THE PROBLEM:
Transcribe the lines exactly, beginning with the one that contains "land cover: Spruce" and ending with the final line of the records. Do not transcribe pictures.

INPUT RECORDS:
*** Begin section ***
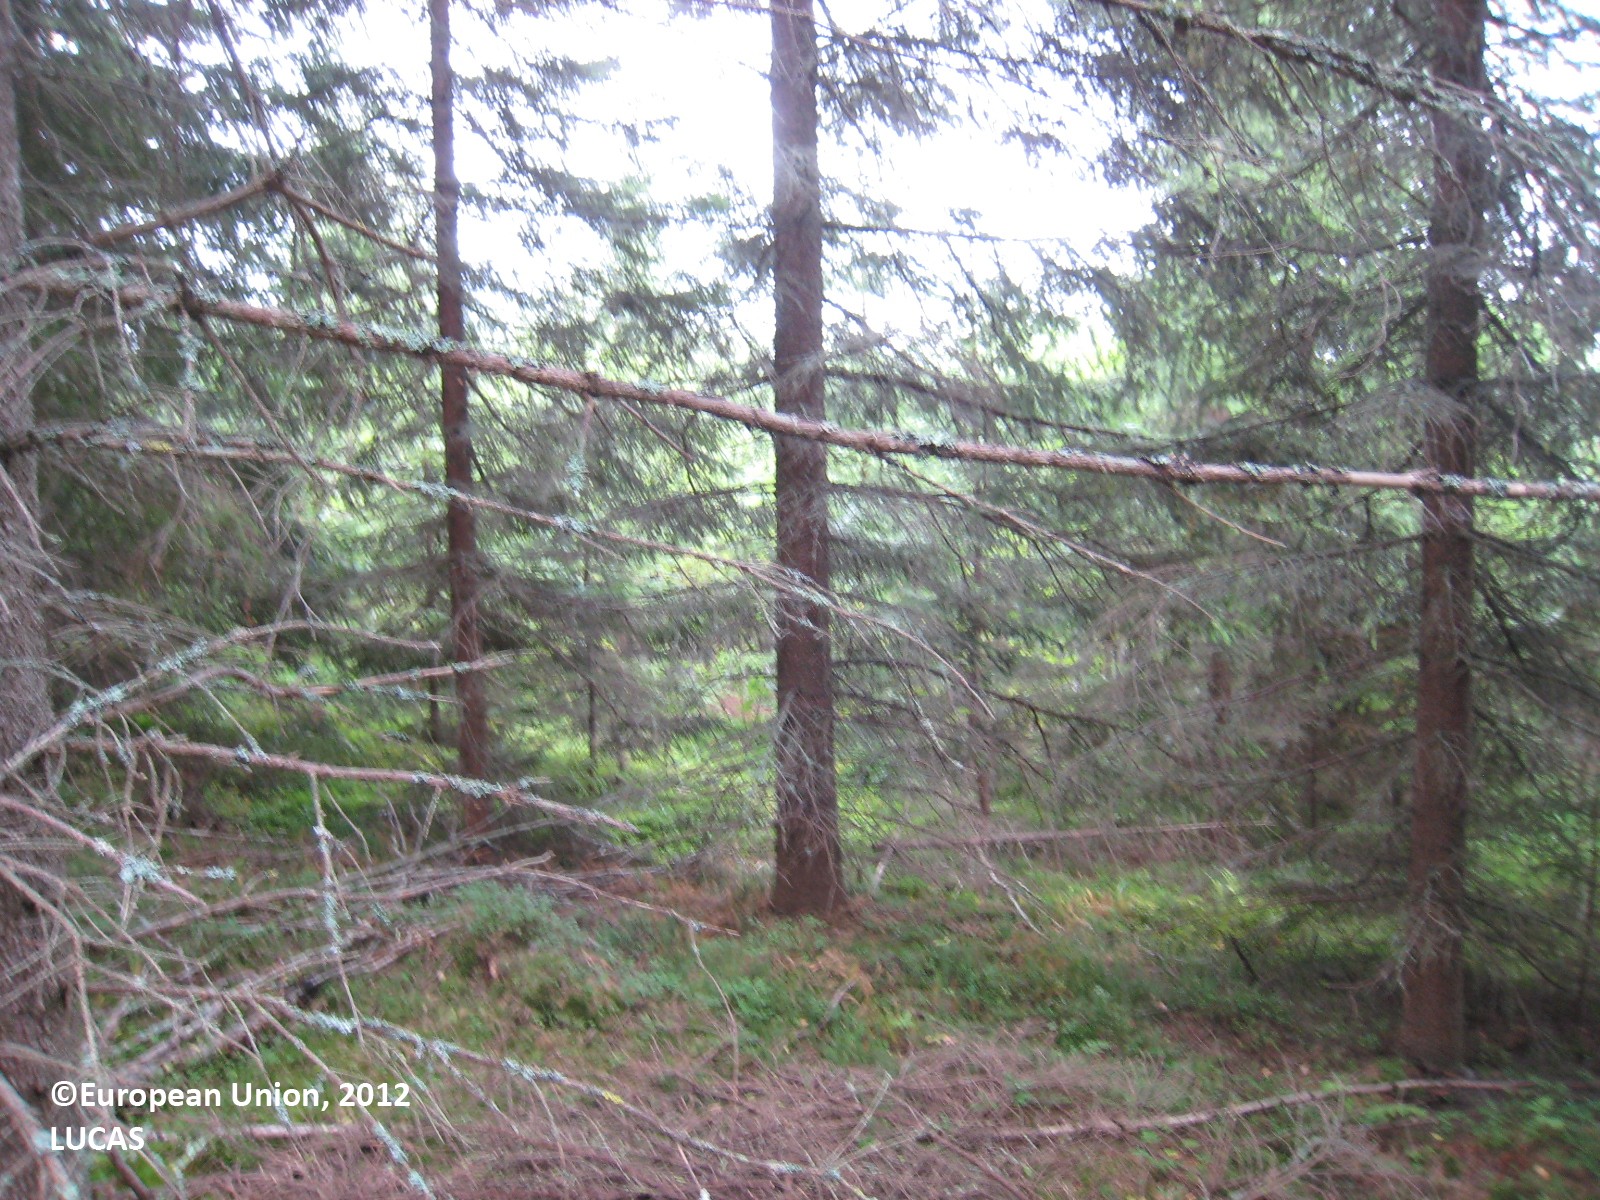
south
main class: Woodland
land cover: Spruce dominated coniferous woodland
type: boreal forest
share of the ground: 50 - 75 %
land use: Forestry
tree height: > 5 m
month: August
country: FI
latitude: 61.8292
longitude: 26.1020
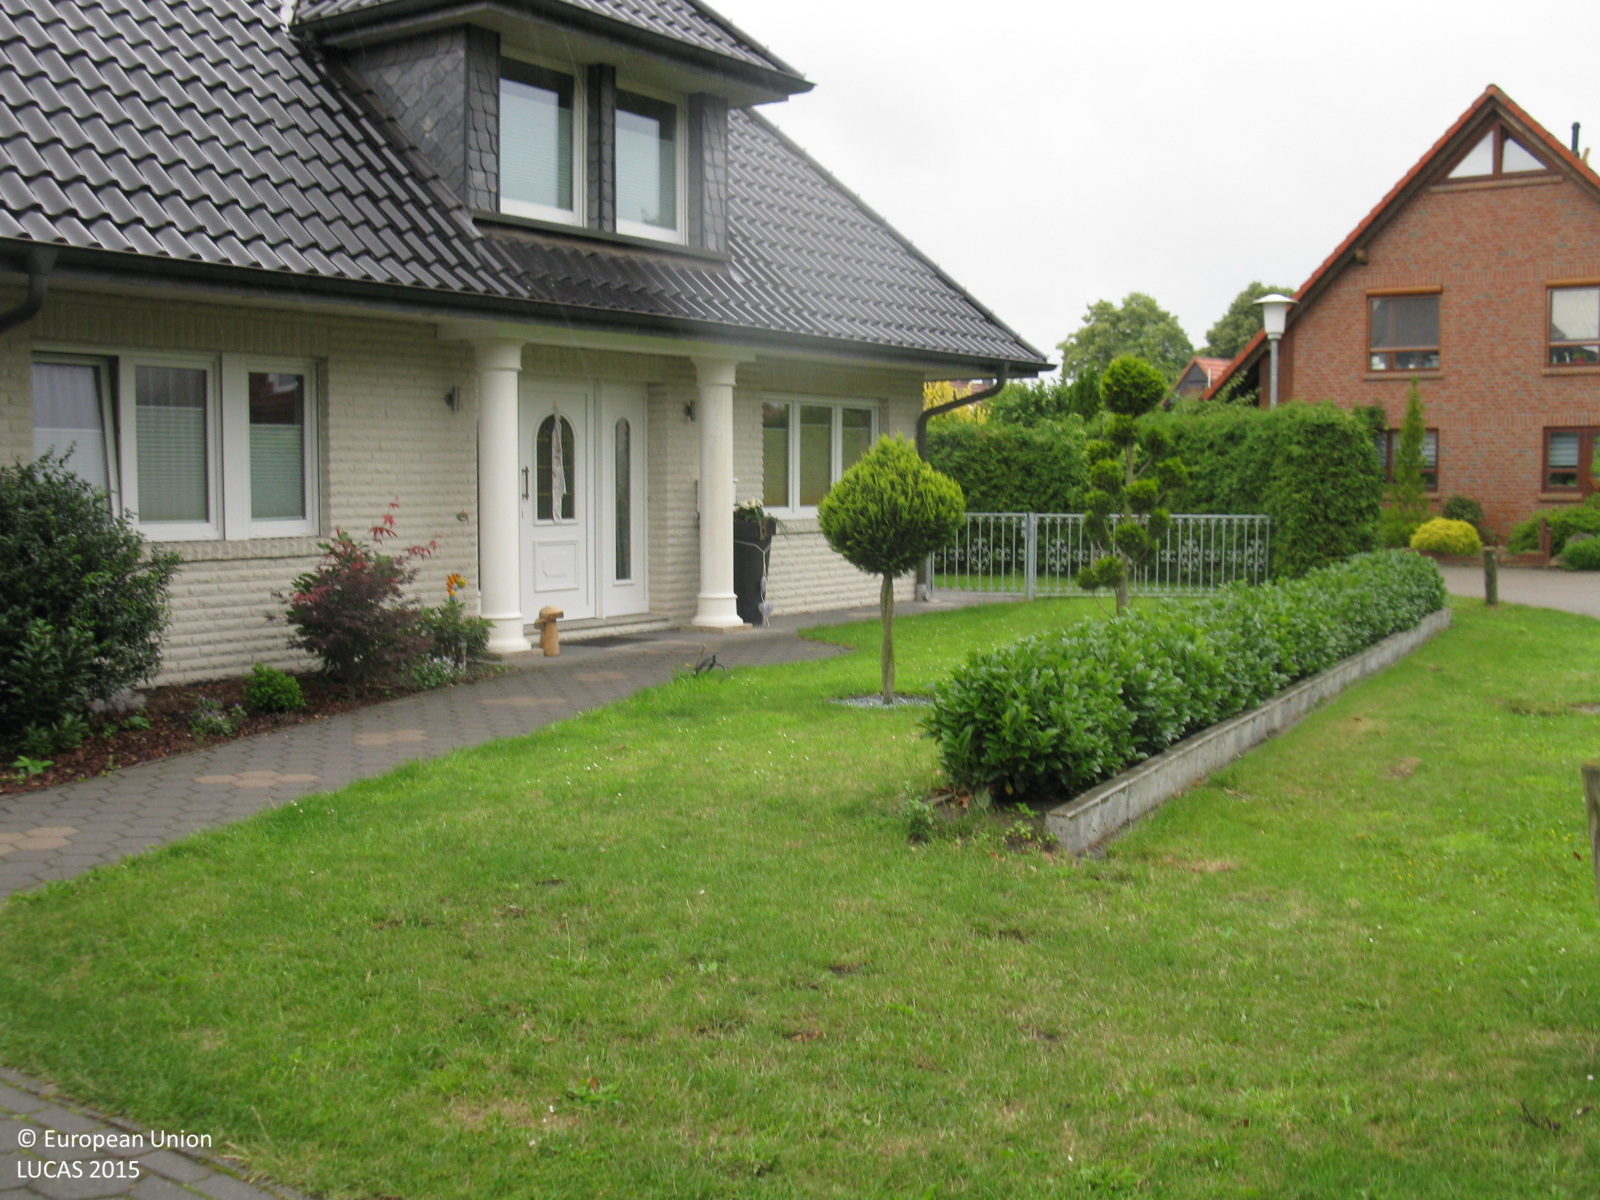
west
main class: Grassland
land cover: Grassland with sparse tree/shrub cover
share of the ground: > 75 %
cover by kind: herbaceous plants 95 %, broadleaved forest trees 5 %
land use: Residential
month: July
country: DE
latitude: 53.0881
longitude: 8.5821
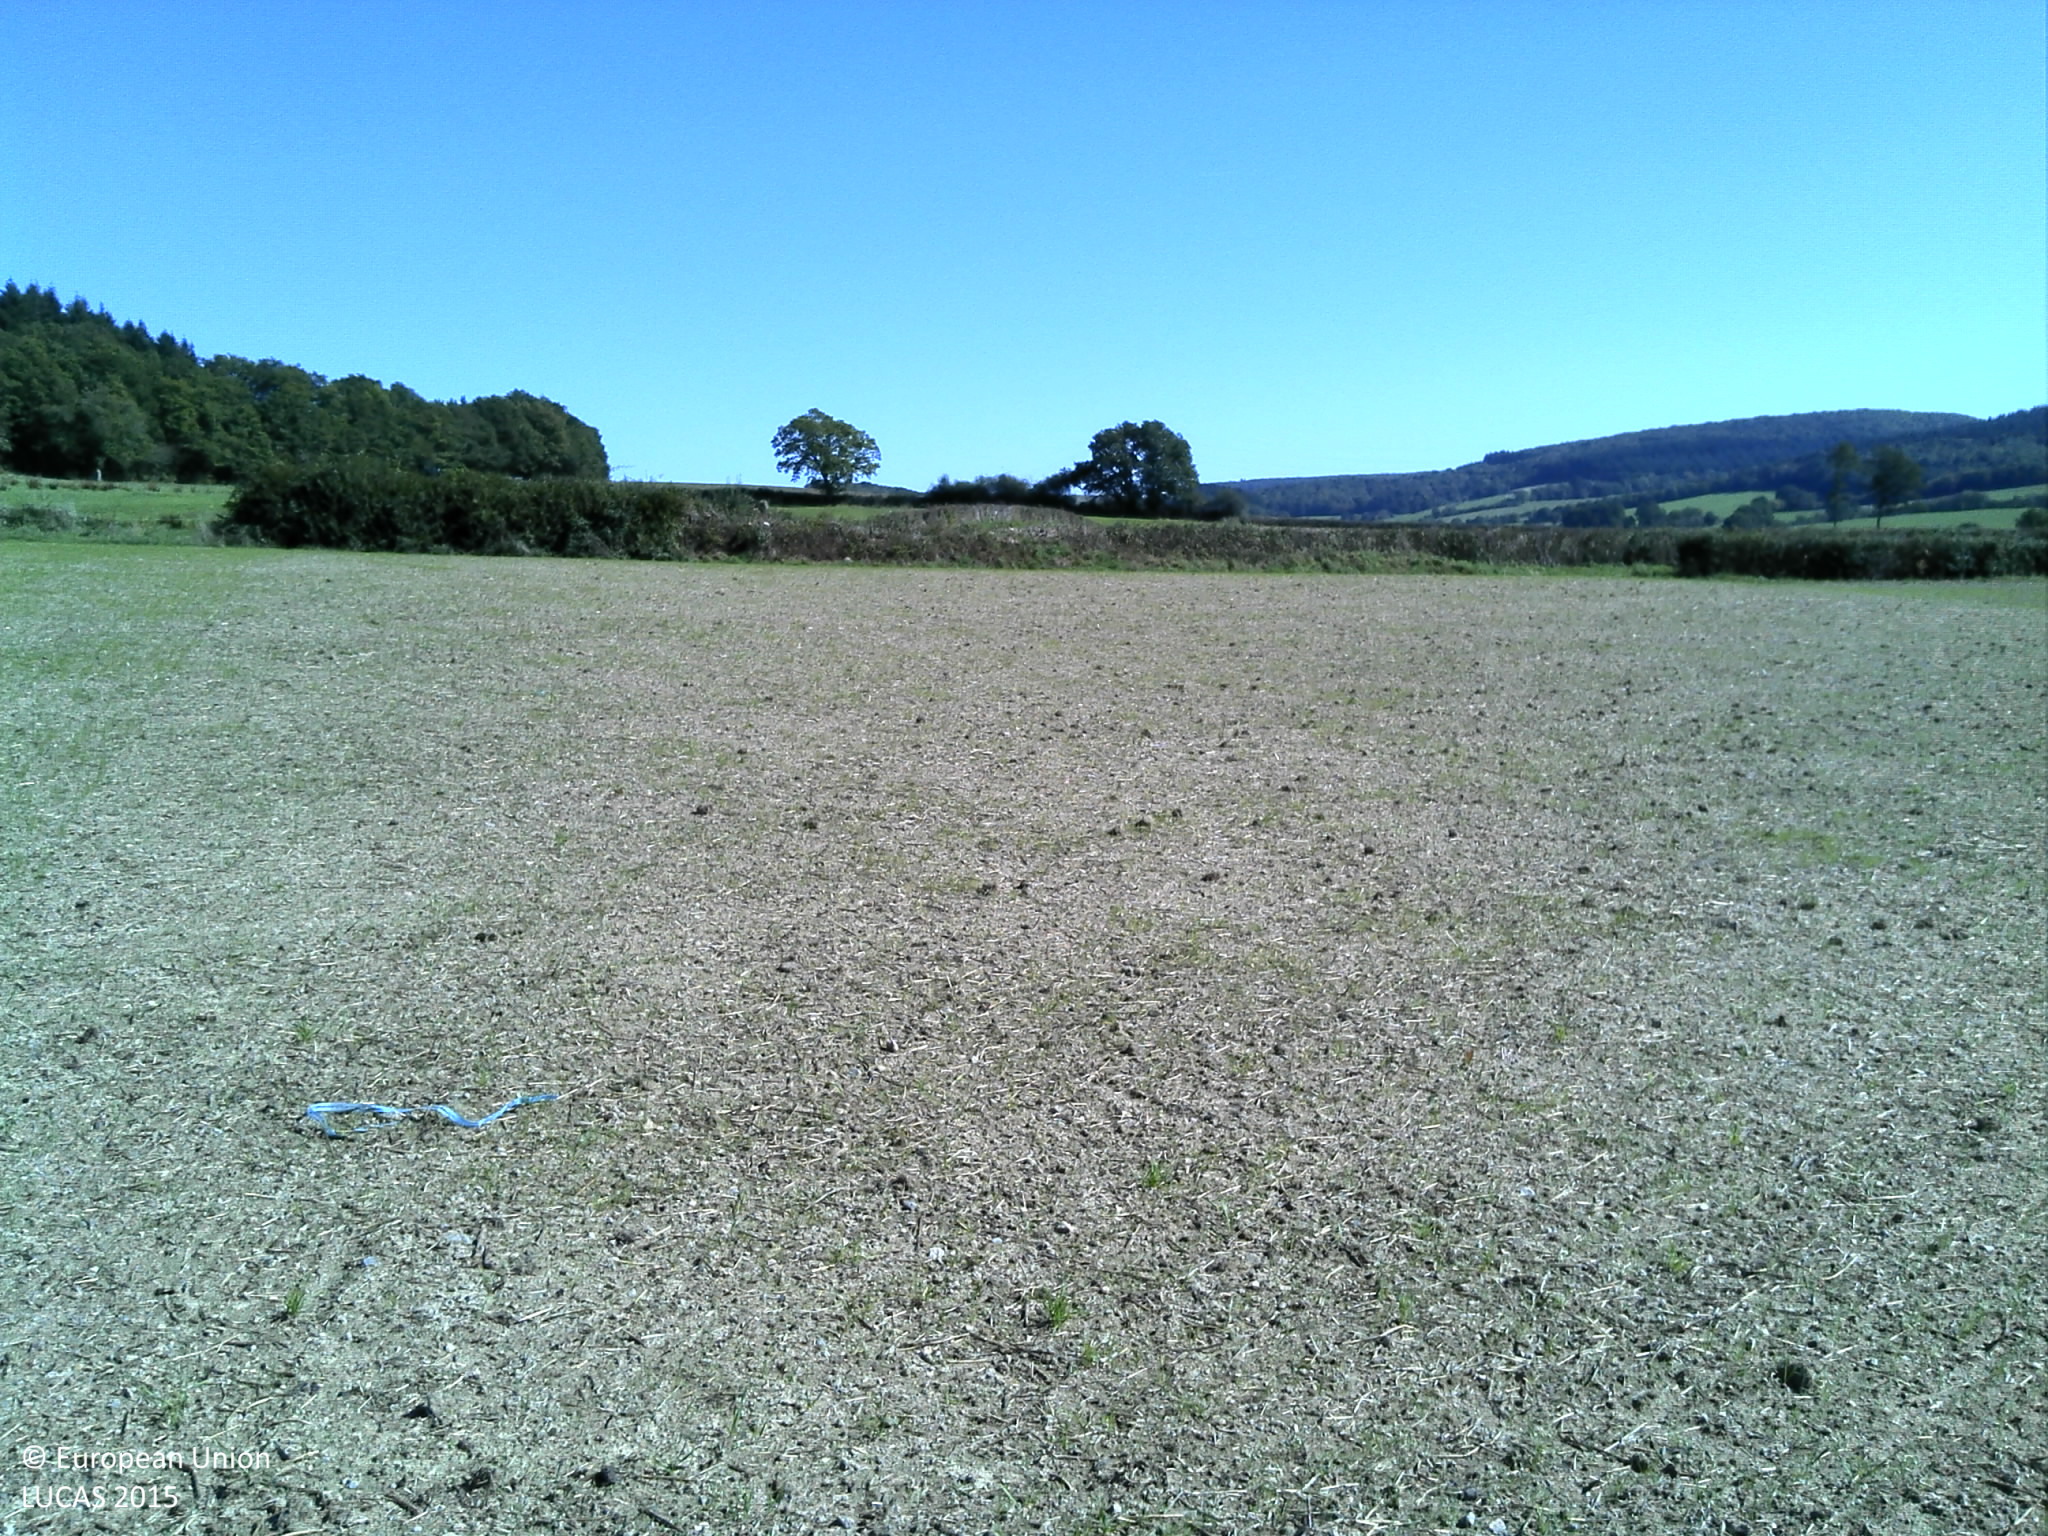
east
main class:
*** End section ***
REPLY TO THE TASK:
land cover: Spruce dominated coniferous woodland
type: boreal forest
share of the ground: 50 - 75 %
land use: Forestry
tree height: > 5 m
month: August
country: FI
latitude: 61.8292
longitude: 26.1020
west
main class: Grassland
land cover: Grassland with sparse tree/shrub cover
share of the ground: > 75 %
cover by kind: herbaceous plants 95 %, broadleaved forest trees 5 %
land use: Residential
month: July
country: DE
latitude: 53.0881
longitude: 8.5821
east
main class:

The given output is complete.